Sending the big image to server is tricky. I've seen this post about how to rotate big images but I haven't had time to try that out. The idea is to rotate the bitmap matrix in another target bitmap.
However I would suggest to rotate the image on server side, or if you can't make changes on server side because it doesn't belong to you, create a proxy server of your own, send your image to that instance, rotate it there and from there send the rotated image to initial server (by forwarding any data the Android client usually sends).
Upvotes: 1
Reputation: 4095
Before you start optimising, I would make sure you're running out of memory on the actual target devices, rather than simply in the emulator. If it's running fine on the device itself, check your heapSize in your VM scenario. You can also request more memory on devices, via the Manifest, by setting android:largeHeap="true" in the tag. If, after following these steps, you're still running up against device limitations, yup, you'll need to optimise.
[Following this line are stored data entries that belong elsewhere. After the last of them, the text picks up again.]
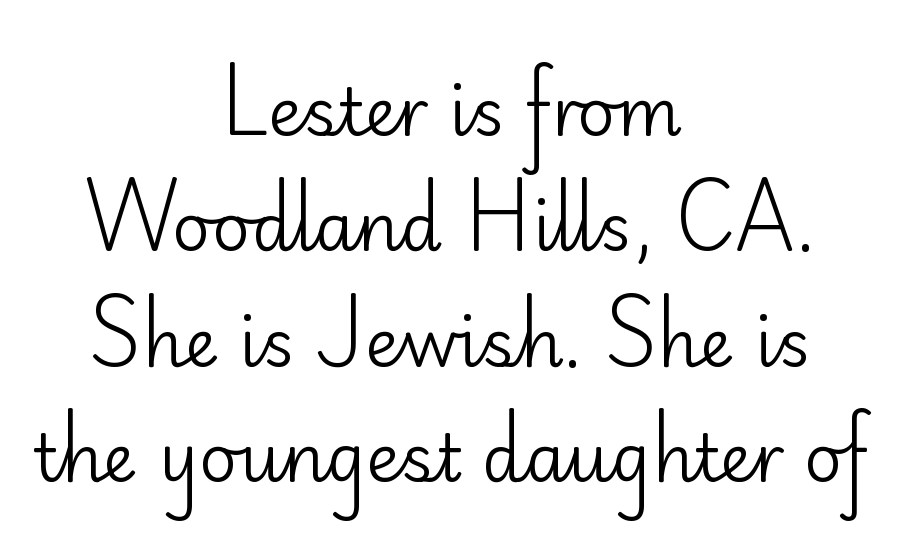
Q: Is the text bold? A: No.
Q: Is the text italic (slanted)? A: No, it is upright.
Q: Is the typeface a serif or a sans-serif typeface? A: Sans-serif.
Q: Is the text underlined? A: No.
Q: How is the paragraph aligned? A: Centered.
Q: Is the spacing between letters normal or unusually wide? A: Normal.
Q: Width (condensed, normal, or wide)? A: Normal.
Q: Stroke contrast? A: Low.
Q: x-height? A: Small.
Q: Monospaced? A: No.
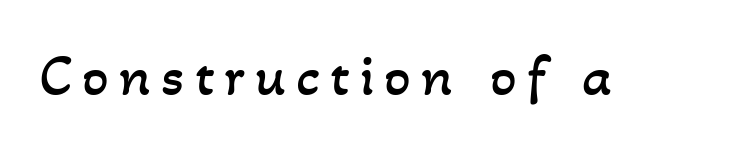
Q: Is the text bold? A: No.
Q: Is the text underlined? A: No.
Q: Width (condensed, normal, or wide)? A: Normal.
Q: Stroke contrast? A: Low.
Q: x-height? A: Small.
Q: Monospaced? A: No.
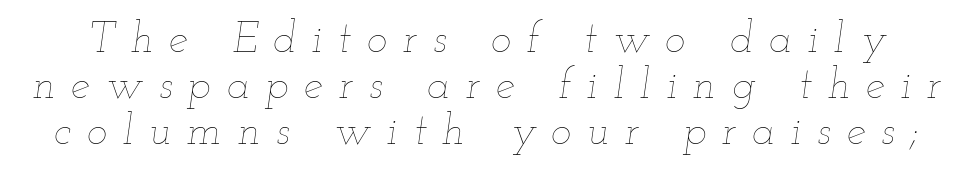
{"italic": "yes", "lean": "right", "slant_degrees": 12, "bold": "no", "weight": "thin", "width": "wide", "stroke_contrast": "low", "x_height": "small", "monospaced": "no", "underline": "no", "line_spacing": "tight", "line_spacing_ratio": 1.07, "letter_spacing": "wide", "letter_spacing_em": 0.37, "glyph_px": 43}

It may be that image manipulation is simply too taxing for such a large bitmap on certain devices. I noted that you're planning on sending this to the server. May I then assume that you want the image to be rotated properly for display server-side? If that's the case, you could always do the image-manipulation there, for example with PIL, if you're using Python. Just a thought.
Best of luck.
Upvotes: 0
Reputation: 1067
Rather than allocating a new Bitmap of size 2560 x 1920 each time you rotate, why not hold a reference to a android.graphics.Matrix in the same scope as your ImageView and use image.setScaleType(ScaleType.MATRIX); image.setImageMatrix(matrix);
?
Your rotate method might look like the following:
if (mMatrix == null) {
mMatrix = new Matrix();
}
mMatrix.postRotate(degrees);
mImageView.setImageMatrix(mMatrix);
Upvotes: 0
Reputation: 4041
Please take a look at this related issue, also posted in SO
Looks like some recycle()
calls should be made over the rotated bitmap, so the memory allocated on it gets freed, assuming that the old unrotated version of the bitmap will not be used.
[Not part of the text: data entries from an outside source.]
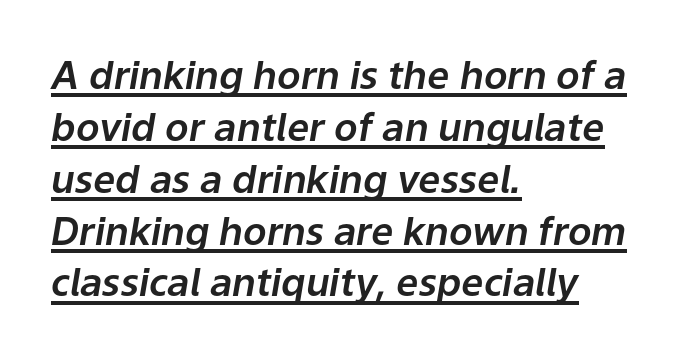
The image shows 39 px text type, italic (leaning right); set left-aligned, normal line spacing (1.33x), normal letter spacing, underlined; low stroke contrast and a medium x-height.
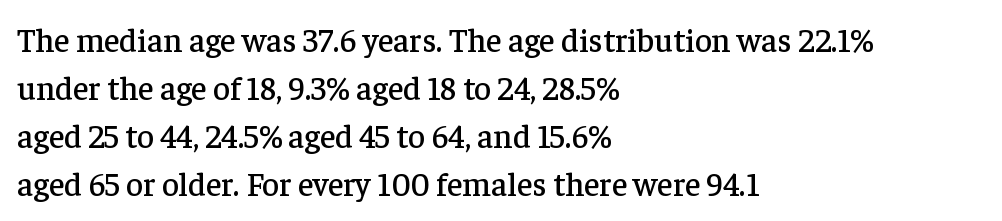
{"serif": "yes", "italic": "no", "width": "normal", "stroke_contrast": "low", "x_height": "medium", "monospaced": "no", "underline": "no", "align": "left", "line_spacing": "normal", "line_spacing_ratio": 1.45, "letter_spacing": "normal", "letter_spacing_em": 0.0, "glyph_px": 33}
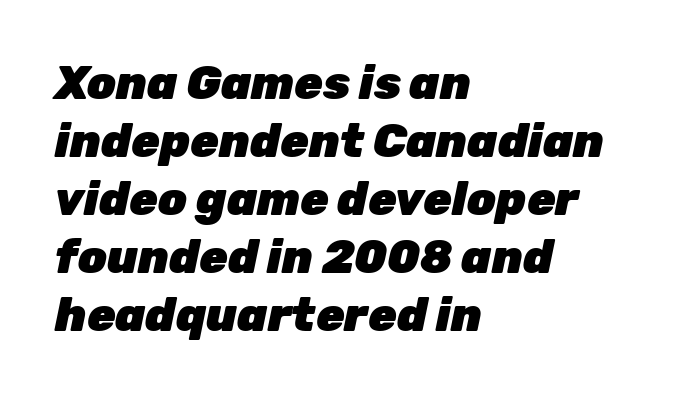
{"italic": "yes", "lean": "right", "slant_degrees": 12, "bold": "yes", "weight": "heavy", "width": "normal", "stroke_contrast": "low", "x_height": "medium", "monospaced": "no", "underline": "no", "align": "left", "line_spacing": "normal", "line_spacing_ratio": 1.26, "letter_spacing": "normal", "letter_spacing_em": 0.0, "glyph_px": 46}
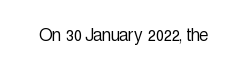
The passage shown is not underscored anywhere. The font's upright variant was chosen for this text. Stems here are at most as thick as an everyday book face. Observe the ordinary spacing: letters are neighbours, not strangers.
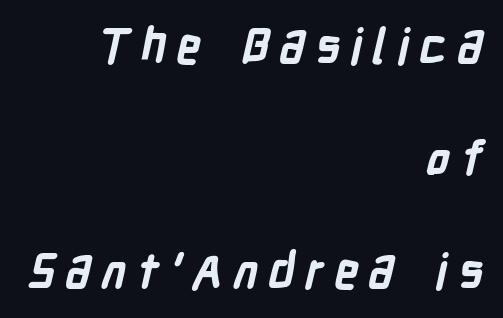
The image shows 48 px bold, condensed sans-serif type; set right-aligned, loose line spacing (2.34x), unusually wide letter spacing (+0.21 em), not underlined; low stroke contrast and a medium x-height.
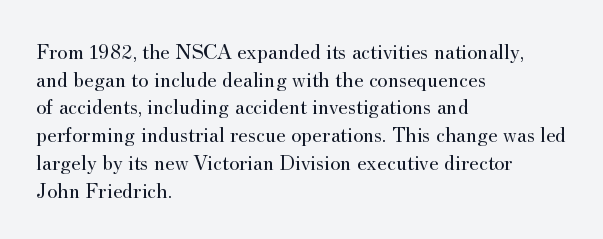
The image shows 22 px text type, upright; set left-aligned, normal line spacing (1.26x), normal letter spacing, not underlined.
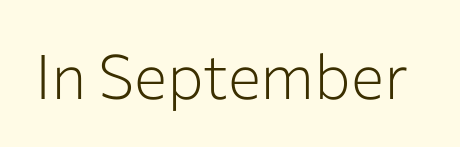
Q: Is the text bold? A: No.
Q: Is the text italic (slanted)? A: No, it is upright.
Q: Is the typeface a serif or a sans-serif typeface? A: Sans-serif.
Q: Is the text underlined? A: No.
Q: Is the spacing between letters normal or unusually wide? A: Normal.
Q: Width (condensed, normal, or wide)? A: Normal.
Q: Stroke contrast? A: Low.
Q: x-height? A: Medium.
Q: Monospaced? A: No.
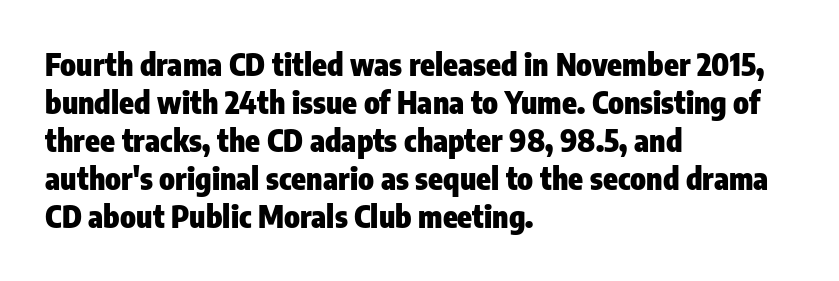
Ascenders rise straight up at ninety degrees. Think of a printed novel: that variable character pitch is what you see here. Examine the stroke ends and you'll find no serifs. Horizontal alignment here is leftward, the default for most running prose. You'd pick this weight for a headline — it's a proper bold.
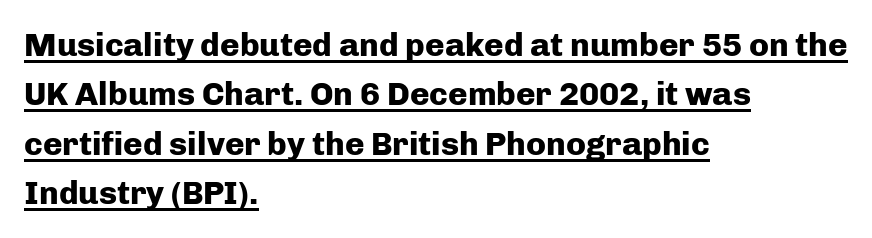
{"serif": "no", "italic": "no", "bold": "yes", "weight": "heavy", "width": "normal", "stroke_contrast": "low", "x_height": "medium", "monospaced": "no", "underline": "yes", "align": "left", "line_spacing": "normal", "line_spacing_ratio": 1.5, "letter_spacing": "normal", "letter_spacing_em": 0.0, "glyph_px": 33}
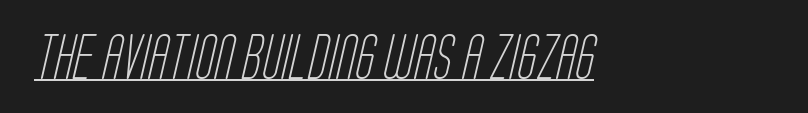
{"serif": "no", "bold": "no", "weight": "light", "width": "condensed", "stroke_contrast": "low", "x_height": "large", "monospaced": "no", "underline": "yes", "letter_spacing": "normal", "letter_spacing_em": 0.0, "glyph_px": 45}
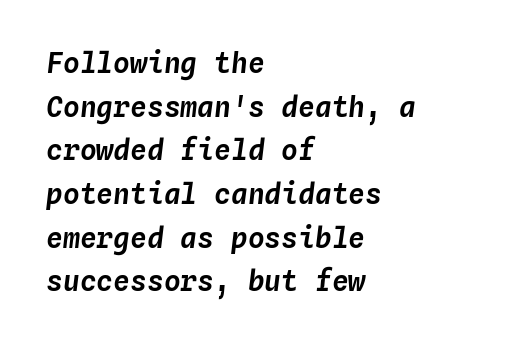
The line-height multiplier appears to be the usual default. Do the characters align in a grid? Yes, the font is monospaced. Short and long lines alike share a common starting point at left. Tracking here is standard; glyphs follow each other at the usual distance. The gap between lines stays unmarked.
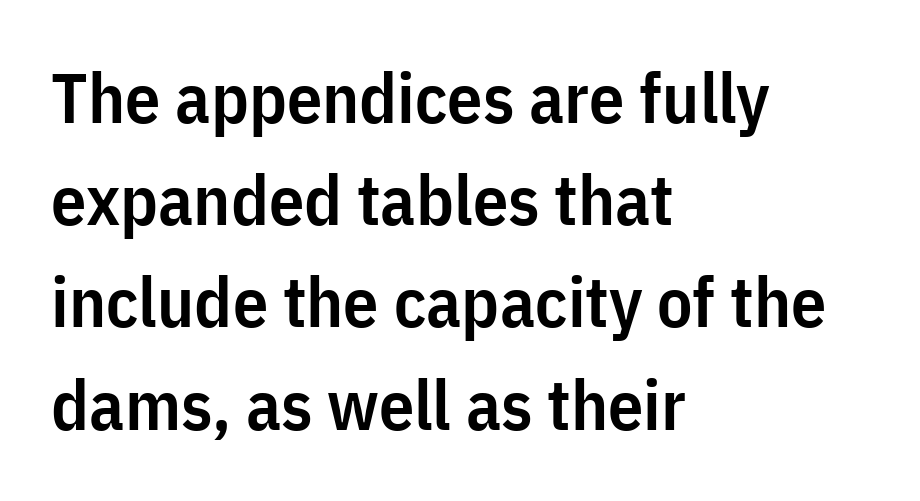
{"serif": "no", "italic": "no", "bold": "semi", "weight": "semibold", "width": "condensed", "stroke_contrast": "low", "x_height": "medium", "monospaced": "no", "underline": "no", "align": "left", "line_spacing": "normal", "line_spacing_ratio": 1.46, "letter_spacing": "normal", "letter_spacing_em": 0.0, "glyph_px": 70}

Also take a look at the Bitmap class documentation
Upvotes: 0
Reputation: 2036
Try this when you decode your file
File imgFile = new File("yourPath");
BitmapFactory.Options options = new BitmapFactory.Options();
options.inSampleSize = 10;
Bitmap myBitmap = BitmapFactory.decodeFile(imgFile.getAbsolutePath(), options);
then you call
rotate(myBitmap,90);
From BitmapFactory.Options docs:
public int inSampleSize
Added in API level 1 If set to a value > 1, requests the decoder to subsample the original image, returning a smaller image to save memory. The sample size is the number of pixels in either dimension that correspond to a single pixel in the decoded bitmap. For example, inSampleSize == 4 returns an image that is 1/4 the width/height of the original, and 1/16 the number of pixels. Any value <= 1 is treated the same as 1. Note: the decoder uses a final value based on powers of 2, any other value will be rounded down to the nearest power of 2.